Meski qadar telah ditetapkan, manusia tetap dituntut memanfaatkan akal untuk mengelola alam semesta, sebagaimana perintah Allah untuk “membaca” (QS. Al-‘Alaq: 1).
Imam Nawawi (w. 676 H) dalam _Riyadh al-Shalihin_ menyebutkan bahwa Rasulullah SAW mengajarkan umatnya untuk menghidupkan malam ini dengan ibadah sunnah, seperti shalat, tilawah, dan sedekah, sebagai bentuk penyelarasan diri dengan Ketetapan Allah.

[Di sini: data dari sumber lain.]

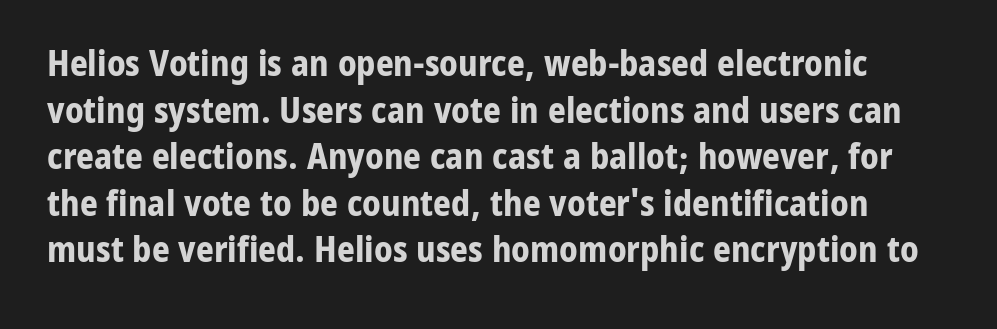
The image shows 35 px bold sans-serif type, upright; set normal line spacing (1.33x), normal letter spacing, not underlined; low stroke contrast and a medium x-height.

Dr. Yusuf al-Qaradawi (w. 2022) dalam _Fiqh al-Ibadat_ menambahkan bahwa kepercayaan pada qadar harus melahirkan sikap optimis, bukan pasif. Misalnya, seorang petani yang berdoa memohon hujan, tetap wajib mengairi ladangnya. Dengan kata lain, tawakkal tanpa ikhtiar adalah bentuk kesalahan dalam memahami qadar.
Pemikir liberal seperti Nasr Hamid Abu Zayd (w. 2010) mempertanyakan relevansi konsep qadar di era modern. Ia berargumen bahwa penekanan pada Ketetapan Ilahi berpotensi melahirkan fatalisme.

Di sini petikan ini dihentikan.